The Key Finding: Missing Data Was the Story

Here's the part that surprised Alex — and that makes this cleaning log more than a technical exercise.

When he first ran a simple comparison of average watch time between groups, the treatment group looked great:

Control mean watch time:      118.4 minutes
Treatment mean watch time:    156.2 minutes

The new algorithm appeared to increase watch time by 32%. His manager would be thrilled.

But then he looked at his cleaning log. Treatment-group users had a 14.1% missing rate for watch time, compared to 4.2% for control. If the missing treatment users had low watch time (which makes sense — disengaged users are less likely to generate data), the true treatment mean could be much lower.

His sensitivity analysis:

Scenario 1 (complete cases only):
  Control: 118.4 min | Treatment: 156.2 min → +32.0%

Scenario 2 (missing treatment = 0 min):
  Control: 115.3 min | Treatment: 134.1 min → +16.3%

Scenario 3 (missing treatment = control median):
  Control: 116.8 min | Treatment: 143.5 min → +22.8%

The algorithm probably did help — but the 32% improvement was inflated by missing data. The real effect was somewhere between 16% and 32%, depending on assumptions about the missing users.

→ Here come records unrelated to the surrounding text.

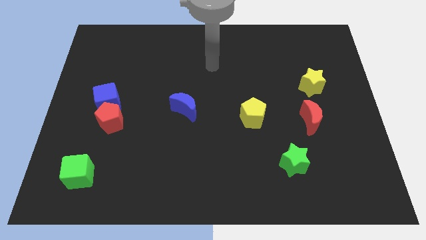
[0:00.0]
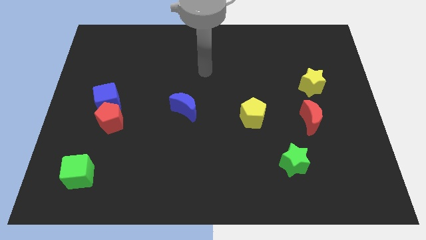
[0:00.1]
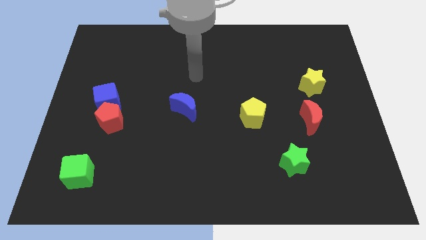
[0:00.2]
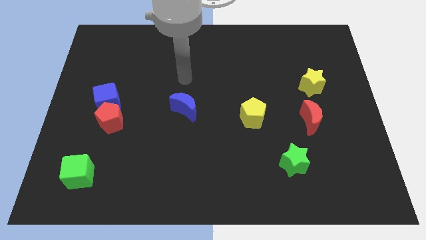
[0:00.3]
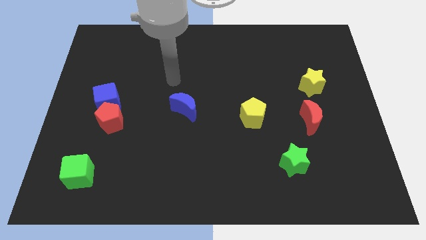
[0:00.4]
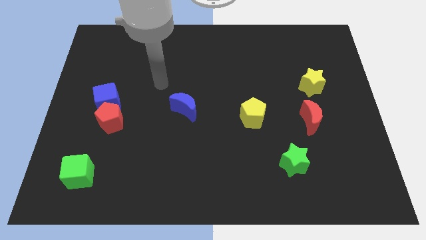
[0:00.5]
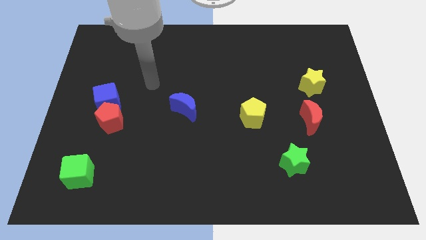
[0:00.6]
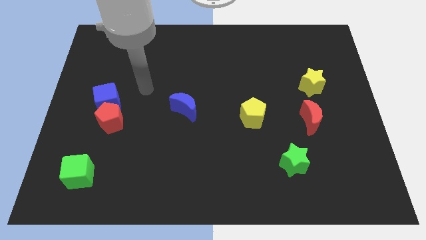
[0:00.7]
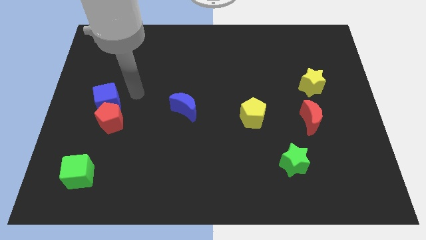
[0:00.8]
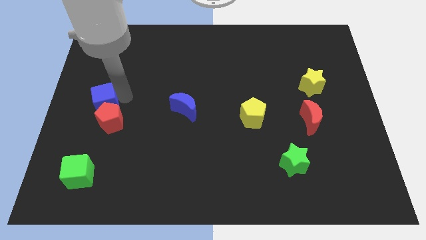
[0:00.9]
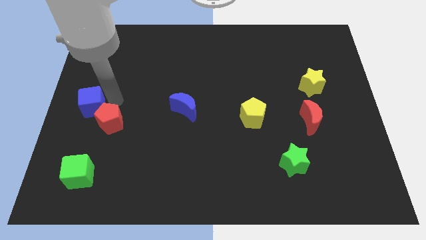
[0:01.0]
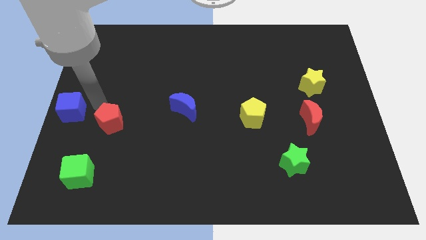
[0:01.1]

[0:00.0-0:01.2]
move the red pentagon away from the blue cube

If Alex had skipped the cleaning log and just reported the 32% number, his company might have rolled out the algorithm to all users based on an overestimate. The cleaning log didn't just document his work — it revealed the most important finding in his analysis.

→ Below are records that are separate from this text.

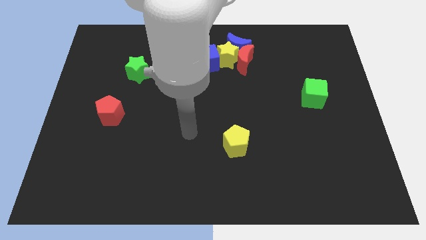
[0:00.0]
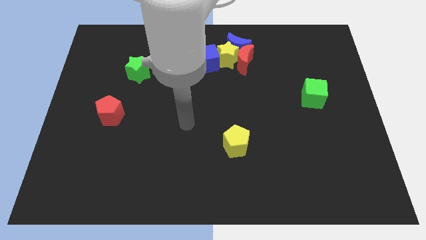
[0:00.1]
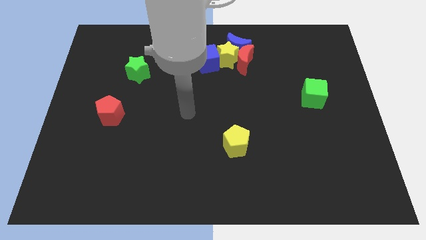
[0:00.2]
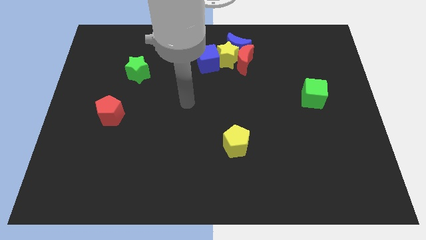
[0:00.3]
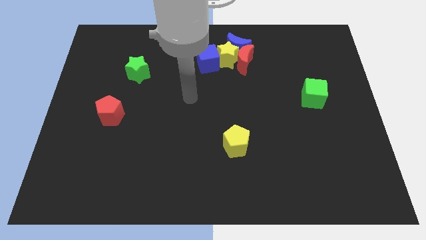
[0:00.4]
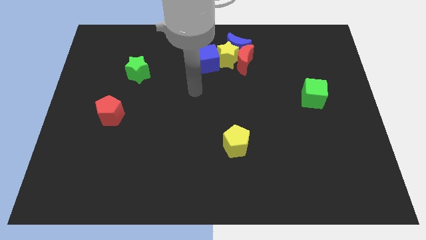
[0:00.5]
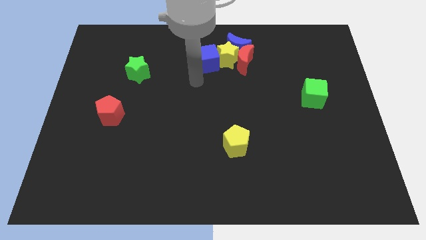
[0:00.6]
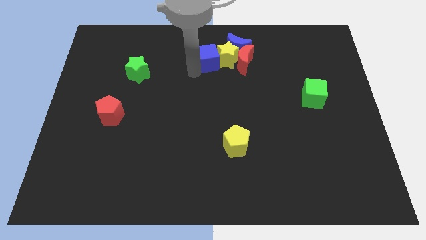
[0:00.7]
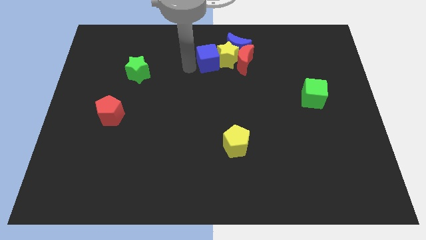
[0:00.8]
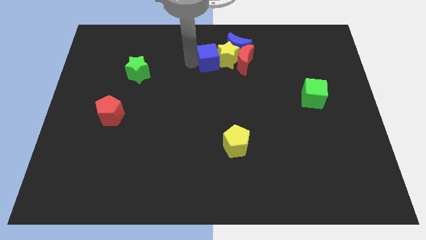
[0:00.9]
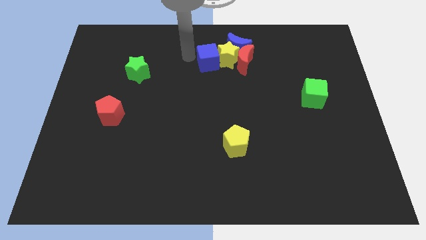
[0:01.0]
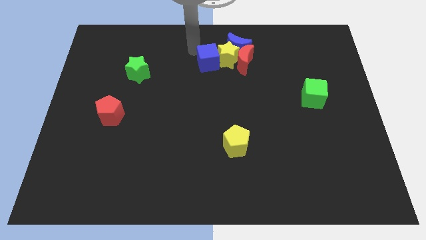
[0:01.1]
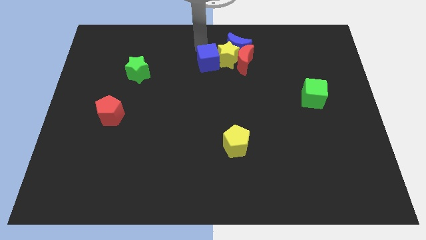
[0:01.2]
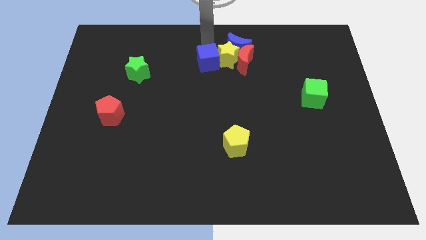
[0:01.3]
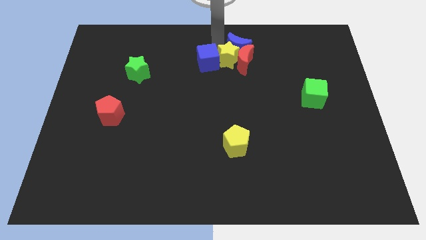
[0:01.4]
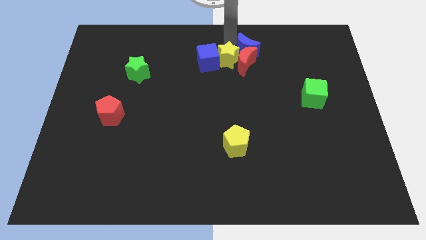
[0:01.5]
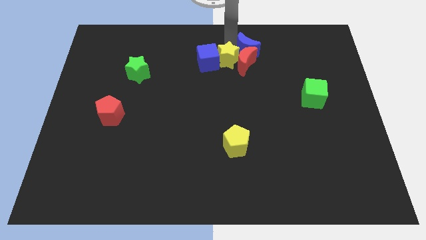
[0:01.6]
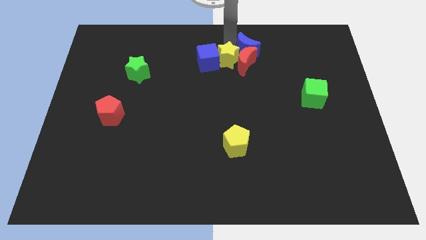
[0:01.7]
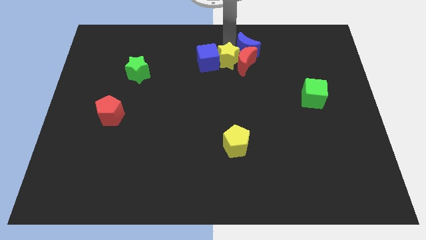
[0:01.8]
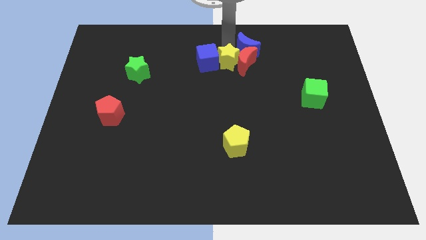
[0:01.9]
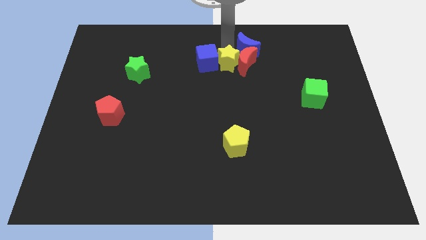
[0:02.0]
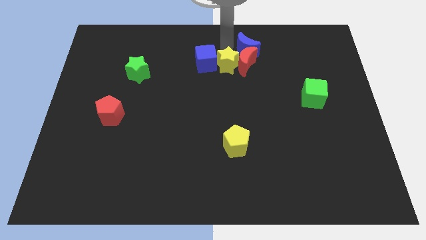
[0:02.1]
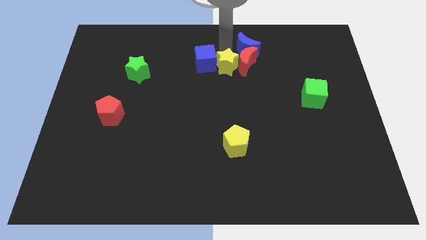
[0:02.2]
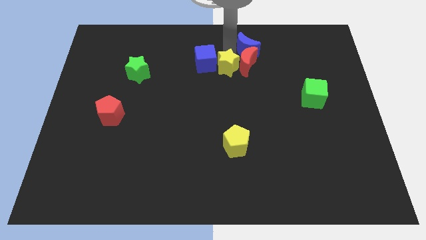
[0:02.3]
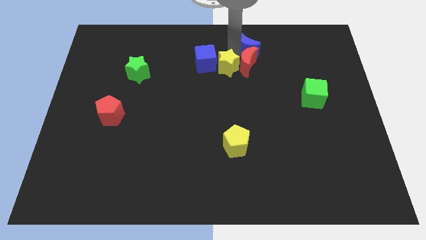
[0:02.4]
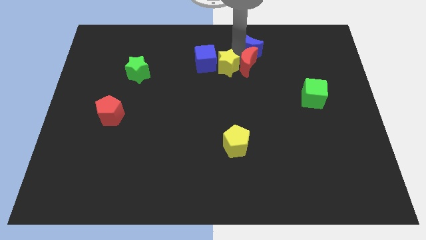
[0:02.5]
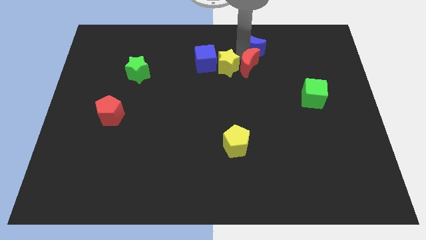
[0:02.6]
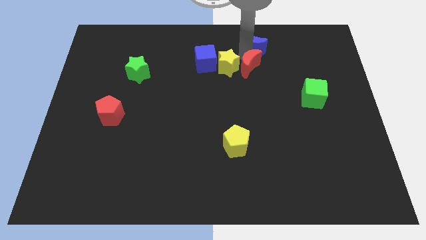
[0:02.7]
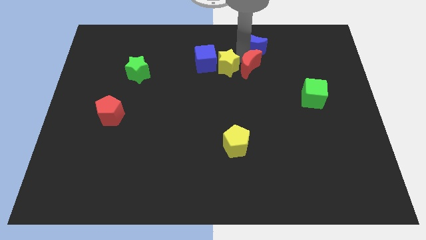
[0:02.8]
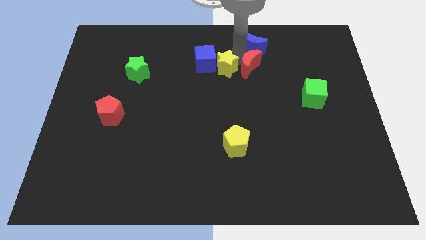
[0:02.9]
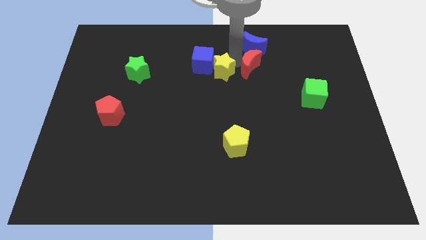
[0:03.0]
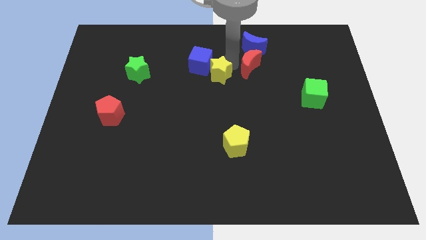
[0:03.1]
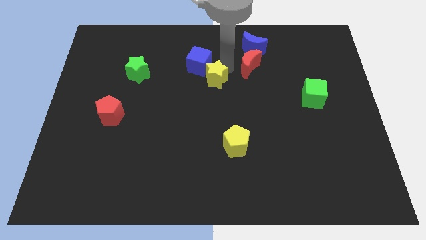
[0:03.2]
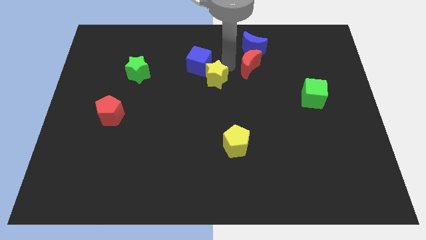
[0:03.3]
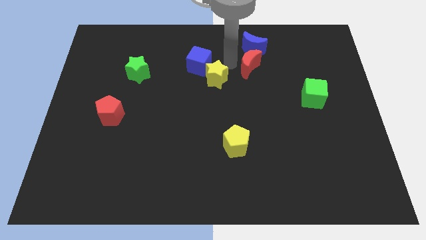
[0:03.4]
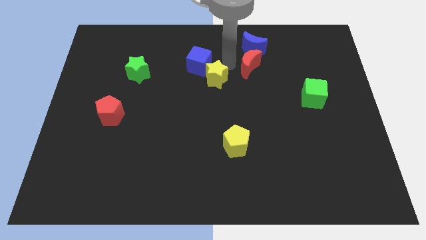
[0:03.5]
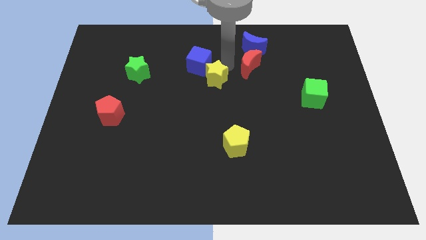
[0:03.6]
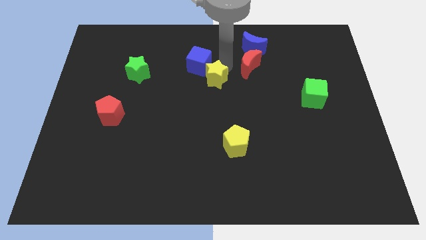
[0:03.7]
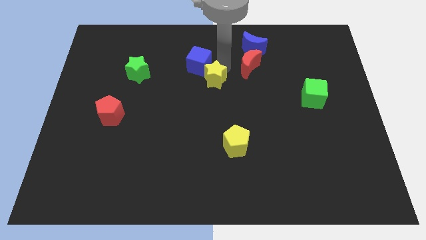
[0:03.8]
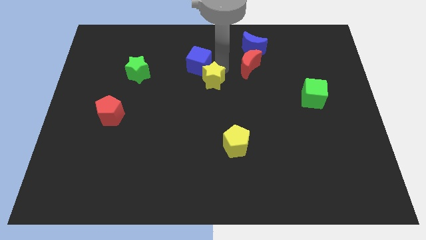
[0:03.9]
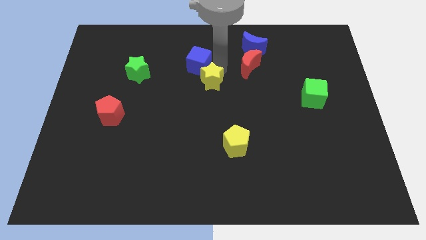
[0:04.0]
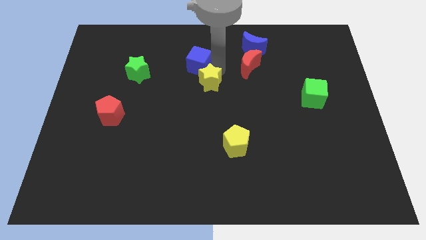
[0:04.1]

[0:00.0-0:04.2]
separate the yellow star from the blue moon, red moon, and blue cube

What You Can Learn From Alex's Approach

  1. Structure your cleaning. Follow a consistent order: assess, deduplicate, fix types, standardize text, fix impossible values, handle missing data, create new variables, verify.

  2. Write the log as you go. Don't try to reconstruct your decisions after the fact. Write each step as you do it.

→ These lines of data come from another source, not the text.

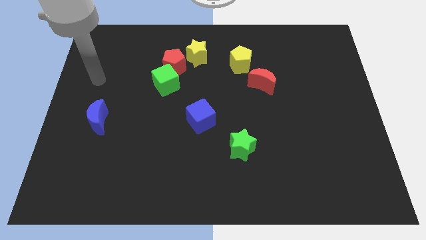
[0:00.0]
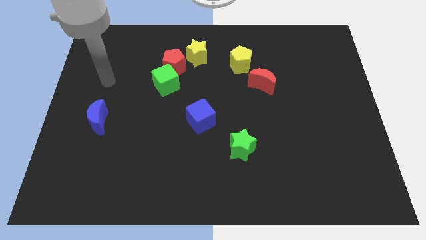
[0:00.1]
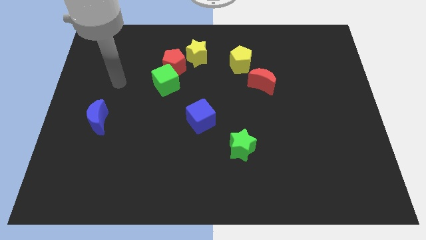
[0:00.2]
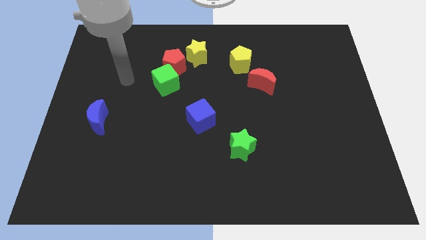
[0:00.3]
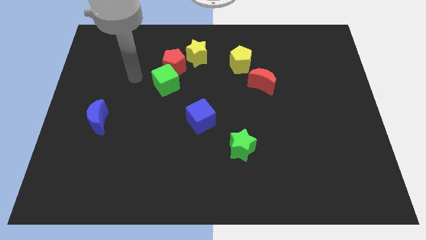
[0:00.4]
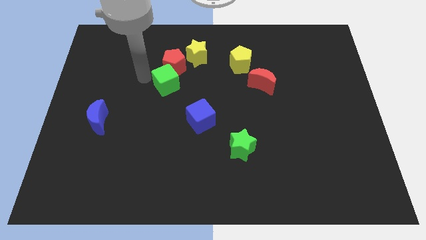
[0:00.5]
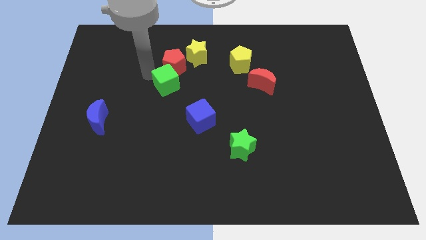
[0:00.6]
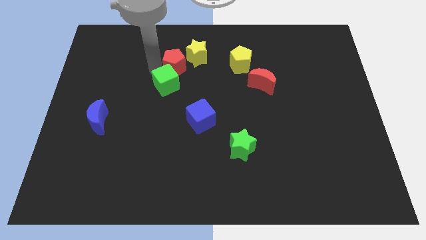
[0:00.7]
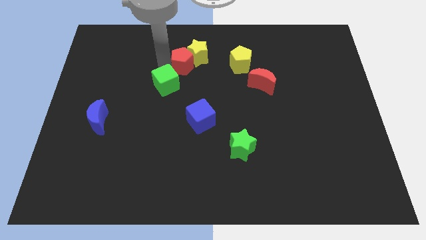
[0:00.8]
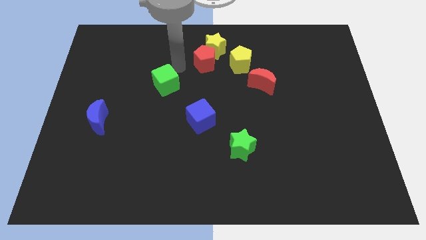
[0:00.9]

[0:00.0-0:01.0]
pull the green cube apart from the red pentagon

  3. Check missingness across groups. The most dangerous missing data patterns are the ones that differ between the groups you want to compare.

  4. Run sensitivity analyses. If your conclusions depend on how you handle missing data, say so. Show the range of possible results.

  5. Let the cleaning process inform your analysis. Alex's most important finding came from his cleaning log, not from a statistical test. The pattern of missing data was the story.

Discussion Questions

  1. If Alex reports only the "complete cases" result (32% improvement), why would this be misleading? What would be a more honest way to present his findings?

  2. The treatment group has 14.1% missing watch time. Brainstorm at least three possible explanations for why the missingness rate is higher in the treatment group.

  3. Alex decided not to impute watch time. Do you agree with this decision? Under what circumstances might imputation have been appropriate here?

  4. Alex's satisfaction score variable has 22.4% missing data. He decides not to use it as a primary analysis variable. Is this the right call? What would you do with it?

  5. Look at Alex's cleaning log and identify three places where a different analyst might have made a different decision. For each, explain both choices and their consequences.